* About this task: In the records below, find each line with the word "partial" and copy it.

* Extracted records:
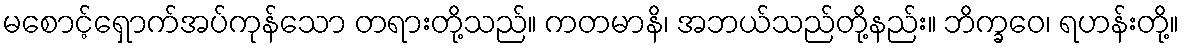
မစောင့်ရှောက်အပ်ကုန်သော တရားတို့သည်။ ကတမာနိ၊ အဘယ်သည်တို့နည်း။ ဘိက္ခဝေ၊ ရဟန်းတို့။
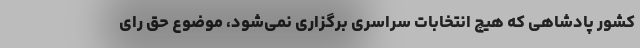
کشور پادشاهی که هیچ انتخابات سراسری برگزاری نمی‌شود، موضوع حق رای
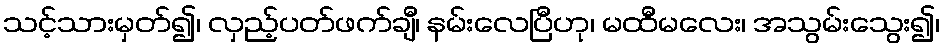
သင့်သားမှတ်၍၊ လှည့်ပတ်ဖက်ချီ၊ နမ်းလေပြီဟု၊ မထီမလေး၊ အသွမ်းသွေး၍၊
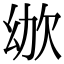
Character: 𣢜
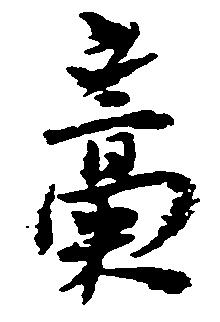
藁
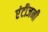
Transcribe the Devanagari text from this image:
एंटीजनी
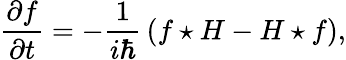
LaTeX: {\frac{\partial f}{\partial t}}=-{\frac{1}{i\hbar}}\left(f\star H-H\star f\right),
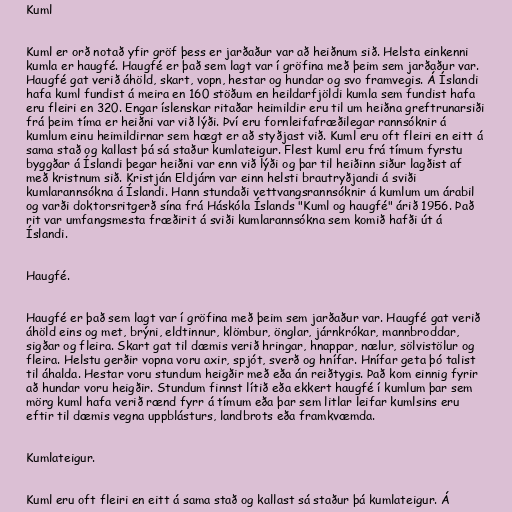
Kuml

Kuml er orð notað yfir gröf þess er jarðaður var að heiðnum sið. Helsta einkenni
kumla er haugfé. Haugfé er það sem lagt var í gröfina með þeim sem jarðaður var.
Haugfé gat verið áhöld, skart, vopn, hestar og hundar og svo framvegis. Á Íslandi
hafa kuml fundist á meira en 160 stöðum en heildarfjöldi kumla sem fundist hafa
eru fleiri en 320. Engar íslenskar ritaðar heimildir eru til um heiðna greftrunarsiði
frá þeim tíma er heiðni var við lýði. Því eru fornleifafræðilegar rannsóknir á
kumlum einu heimildirnar sem hægt er að styðjast við. Kuml eru oft fleiri en eitt á
sama stað og kallast þá sá staður kumlateigur. Flest kuml eru frá tímum fyrstu
byggðar á Íslandi þegar heiðni var enn við lýði og þar til heiðinn siður lagðist af
með kristnum sið. Kristján Eldjárn var einn helsti brautryðjandi á sviði
kumlarannsókna á Íslandi. Hann stundaði vettvangsrannsóknir á kumlum um árabil
og varði doktorsritgerð sína frá Háskóla Íslands "Kuml og haugfé" árið 1956. Það
rit var umfangsmesta fræðirit á sviði kumlarannsókna sem komið hafði út á
Íslandi.

Haugfé.

Haugfé er það sem lagt var í gröfina með þeim sem jarðaður var. Haugfé gat verið
áhöld eins og met, brýni, eldtinnur, klömbur, önglar, járnkrókar, mannbroddar,
sigðar og fleira. Skart gat til dæmis verið hringar, hnappar, nælur, sölvistölur og
fleira. Helstu gerðir vopna voru axir, spjót, sverð og hnífar. Hnífar geta þó talist
til áhalda. Hestar voru stundum heigðir með eða án reiðtygis. Það kom einnig fyrir
að hundar voru heigðir. Stundum finnst lítið eða ekkert haugfé í kumlum þar sem
mörg kuml hafa verið rænd fyrr á tímum eða þar sem litlar leifar kumlsins eru
eftir til dæmis vegna uppblásturs, landbrots eða framkvæmda.

Kumlateigur.

Kuml eru oft fleiri en eitt á sama stað og kallast sá staður þá kumlateigur. Á
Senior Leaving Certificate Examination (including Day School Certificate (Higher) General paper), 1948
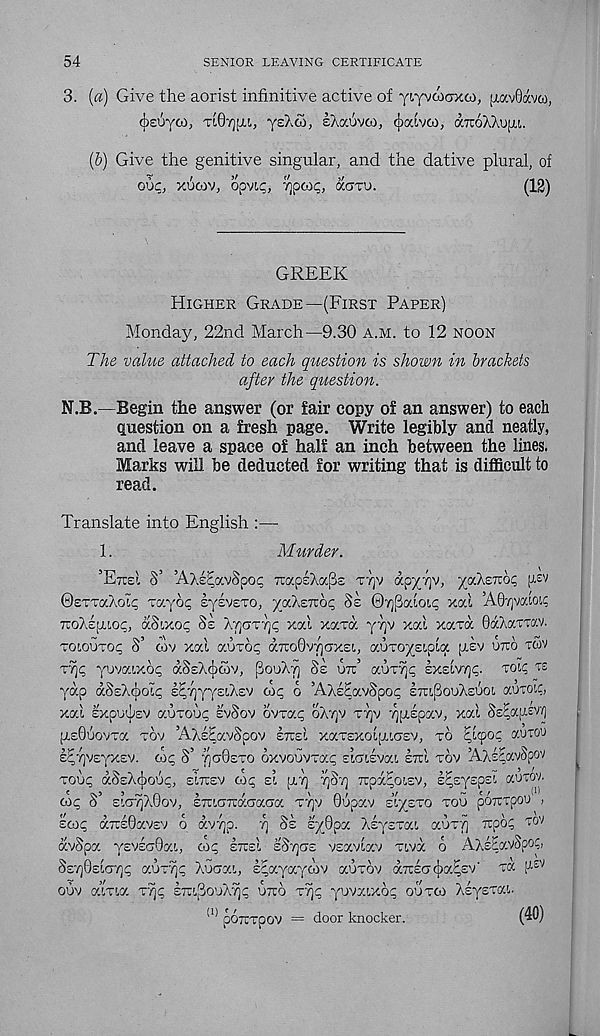
54
SENIOR LEAVING CERTIFICATE
3. [a) Give the aorist infinitive active of yiyvcocrxco, [xavOavw,
^euyGi, TiQruM, yeXco, sXocuvco, (^aivco, aTcoXAufxi,.
(b) Give the genitive singular, and the dative plural, of
O'JC, xuwv, opvi,i;, '/}p(£Q, IXCTTO.
(12)
GREEK
Higher Grade—(First Paper)
Monday, 22nd March—9.30 a.m. to 12 noon
The value attached to each question is shown in brackets
after the question.
N.B.—Begin the answer (or fair copy of an answer) to each
question on a fresh page. Write legibly and neatly,
and leave a space of half an inch between the lines.
Marks will be deducted for writing that is difficult to
read.
Translate into English :—
1.
Murder.
’Ettsl S’ ’AXs^avSpot; raxpsAocPs tt)v dpy/]v, yc/ikzTzhc, fisv
©sttocaolp tgcjoc; eysvETO, ypiXeTzbq §£ 07)(3atoi^ xal ’AG/jvaioti
7ro>.£[i.LO(;, aSixoq 8e XyjGrvjq xal xavd y7]v xal xavd OaXarrav.
toioutoc; S’ cov xal auvop dTroGv/jaxsi, aoro^sipla [xev utto tcov
T7)<; yuvaixop dSsAdGv, ^ooX^ Se ux’ auT% ixsiv/jq. toic, rs
yap dSEXc|)ol<; l^yystAEV coq o ’AXeEavSpo^ Itu[3ouX£Uoi a’JTOLC,
xal Expo^sv aoToo^ evSov ovvxq oXyjv ttjv yuspav, xal Ss^afrev - /)
[isQuovTa tov ’AXlEavSpov etceI xaT£xol[Ttc7£v, to <qi(poq auxou
|^7]V£yx£V. uq S’ ^gQeto oxvouvTac sloisvca etu tov ’AXscavSpov
tou^ dSsX^o’Jc, eItcev co<; el (A"/] 7)Sy irpa^oisv, sEsyeps!. aurov.
coq S’ EioTjAGov, ETUGTrdaaaa tt]v Gupav ei/exo too poitTpou ,
ecoq aTTsGavsv 6 dv/jp. -/) Se syGpa AsysTai aoTT] irpo? tov
dvSpa ysvscGa!,, cop etteI eStjcte vsavldv Tivd 6 AXeEavSpoG
SetjGeIgtjp auTyjp Xuaai, spayaycov auTov aTrsacjia^Ev' ra t a sv
ouv a’lTia T’^c etcl^ooXy)p utco tt)p yuvaixop outco XeysTac
!I) pOTCTpov = door knocker.
(40)
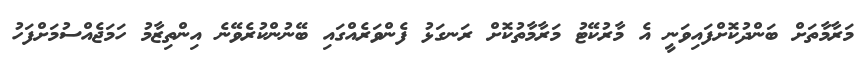
މަރާމާތަށް ބަންދުކޮށްފައިވަނީ އެ މާރުކޭޓު މަރާމާތުކޮށް ރަނގަޅު ފެންވަރެއްގައި ބޭނުންކުރެވޭނެ އިންތިޒާމު ހަމަޖެއްސުމަށްފަހު
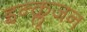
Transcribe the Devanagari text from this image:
इन्क्लूजन
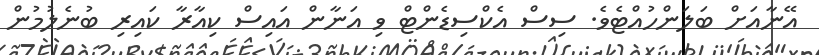
އޭނާއަށް ބަލަންހުއްޓެވެ. ސިސް އެކްސިޑެންޓް ވި އަނާން އައިސް ކިއާރާ ކައިރި ބުނެލުމުން
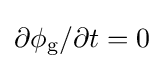
\partial \phi _{\text{g}}/\partial t=0
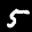
Label: 5
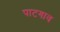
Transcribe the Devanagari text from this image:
पाटगाव
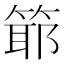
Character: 𥯘
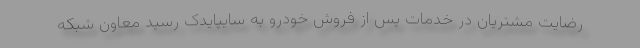
رضايت مشتريان در خدمات پس از فروش خودرو به سایپایدک رسید معاون شبكه
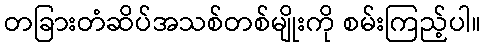
တခြားတံဆိပ်အသစ်တစ်မျိုးကို စမ်းကြည့်ပါ။
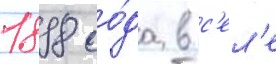
1898 го́да в с'ел'е
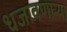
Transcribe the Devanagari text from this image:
धजावणाऱ्या
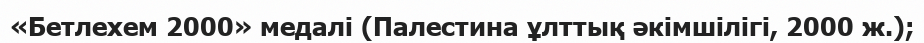
«Бетлехем 2000» медалі (Палестина ұлттық әкімшілігі, 2000 ж.);
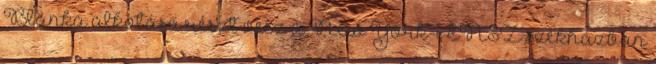
Blanka alkotása részt vesz a New York-i ENSZ székházban
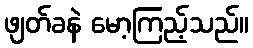
ဖျတ်ခနဲ မော့ကြည့်သည်။
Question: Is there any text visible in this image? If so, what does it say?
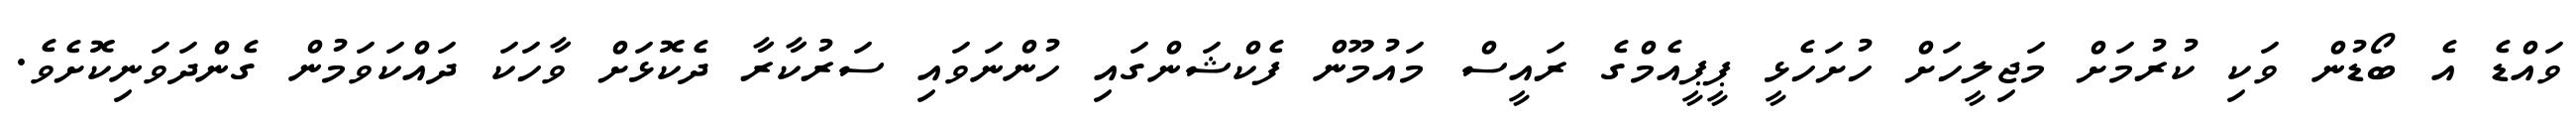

* Solution to this exercise:
LaTeX: {\frac{\partial f}{\partial t}}=-{\frac{1}{i\hbar}}\left(f\star H-H\star f\right),
\partial \phi _{\text{g}}/\partial t=0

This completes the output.